*** Opening of THE RECORDS ***
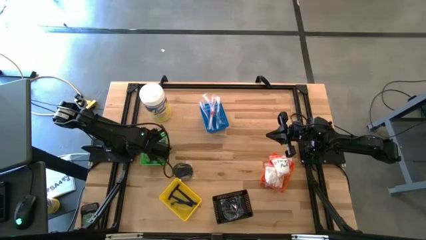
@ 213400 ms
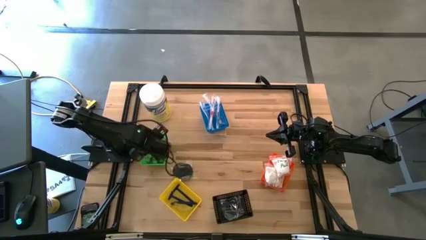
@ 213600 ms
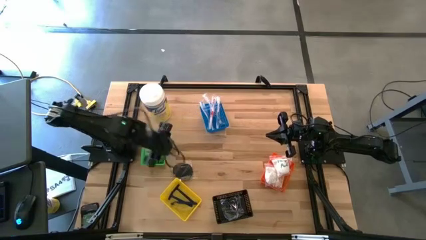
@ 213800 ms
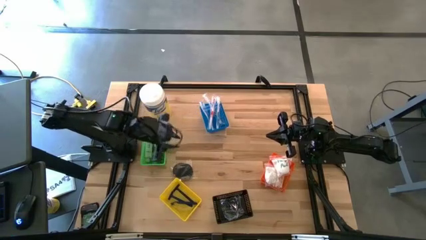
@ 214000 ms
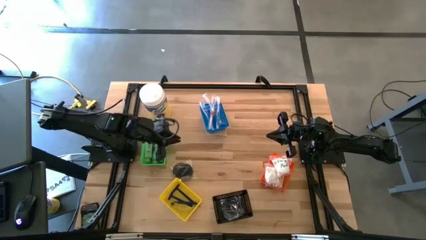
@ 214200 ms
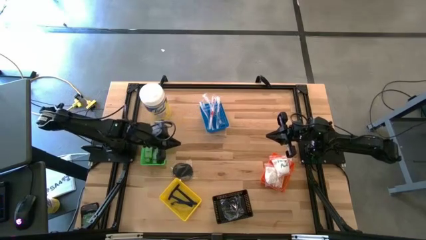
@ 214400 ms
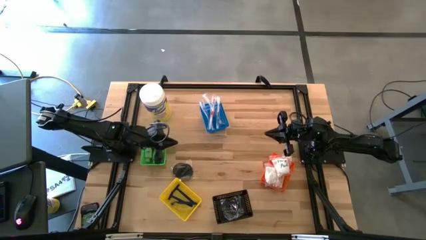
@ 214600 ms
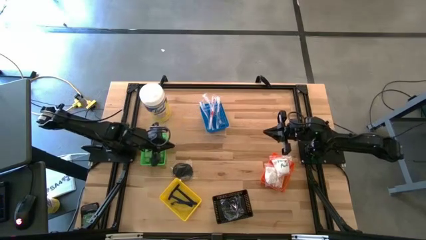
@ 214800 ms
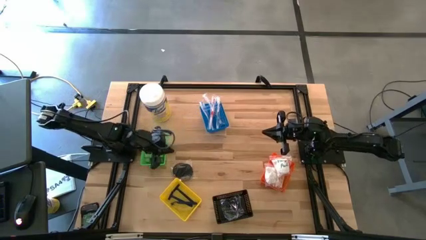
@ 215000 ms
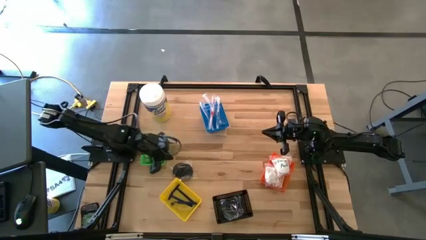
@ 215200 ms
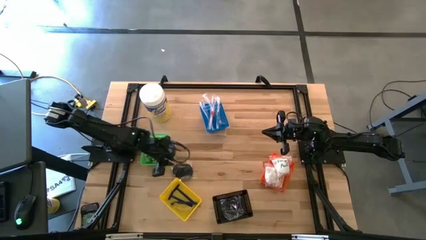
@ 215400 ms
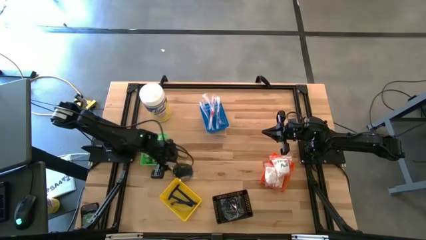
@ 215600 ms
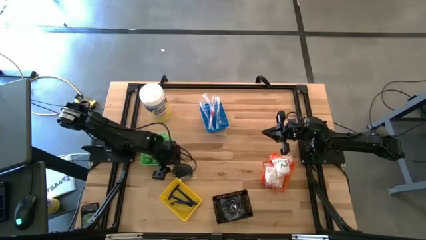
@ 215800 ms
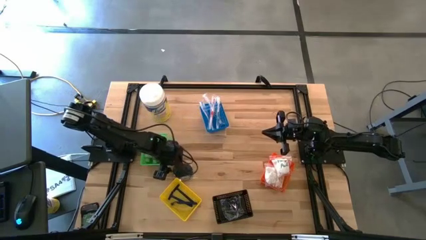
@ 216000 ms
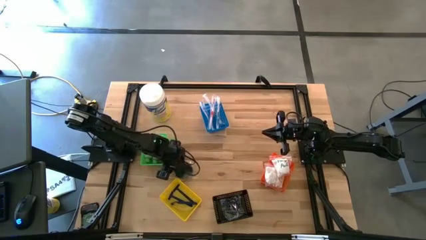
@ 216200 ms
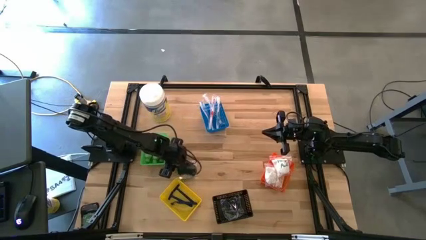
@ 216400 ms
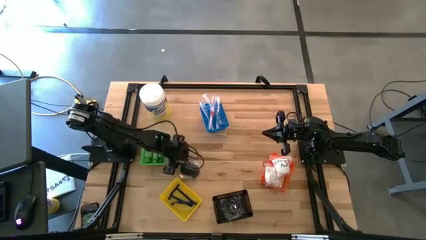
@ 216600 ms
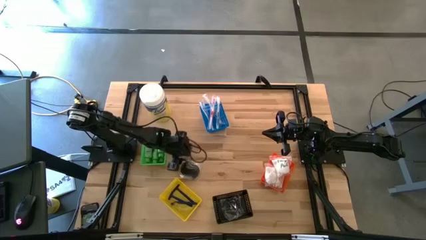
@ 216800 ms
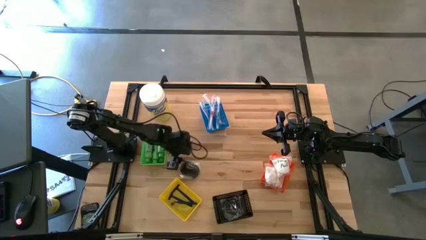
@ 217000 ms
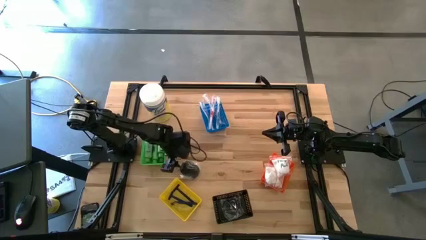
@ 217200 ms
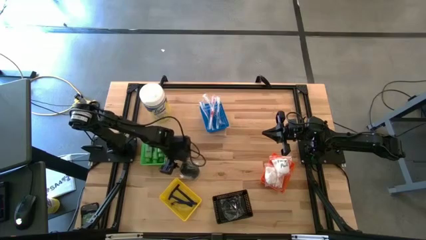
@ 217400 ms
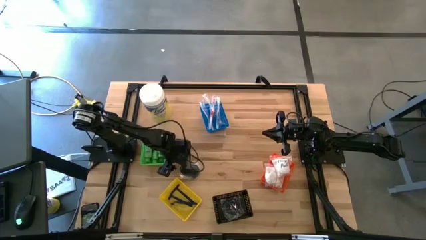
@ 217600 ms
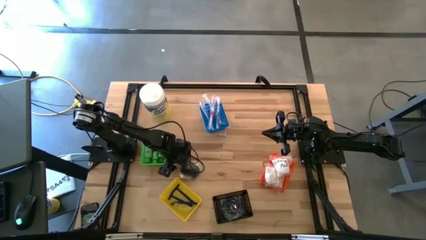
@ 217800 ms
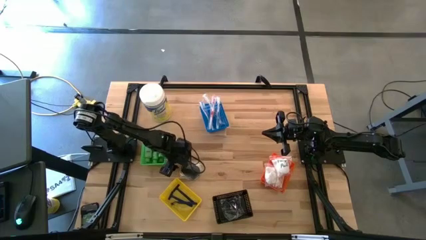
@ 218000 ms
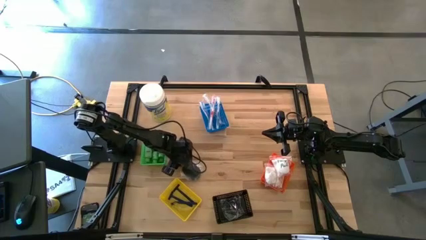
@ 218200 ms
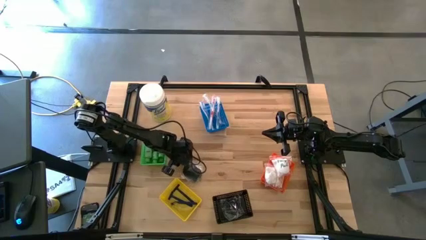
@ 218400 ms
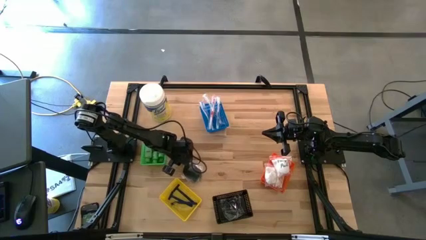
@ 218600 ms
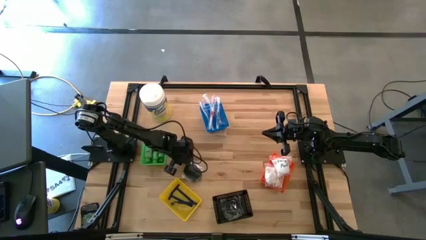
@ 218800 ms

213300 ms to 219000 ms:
*** Close of THE RECORDS ***
> [WHAT YOU ARE ASKED TO DO]: Your reply should restate every entry exactly, with the pictures left out.

> [YOUR SOLUTION]:
@ 213400 ms
@ 213600 ms
@ 213800 ms
@ 214000 ms
@ 214200 ms
@ 214400 ms
@ 214600 ms
@ 214800 ms
@ 215000 ms
@ 215200 ms
@ 215400 ms
@ 215600 ms
@ 215800 ms
@ 216000 ms
@ 216200 ms
@ 216400 ms
@ 216600 ms
@ 216800 ms
@ 217000 ms
@ 217200 ms
@ 217400 ms
@ 217600 ms
@ 217800 ms
@ 218000 ms
@ 218200 ms
@ 218400 ms
@ 218600 ms
@ 218800 ms

213300 ms to 219000 ms:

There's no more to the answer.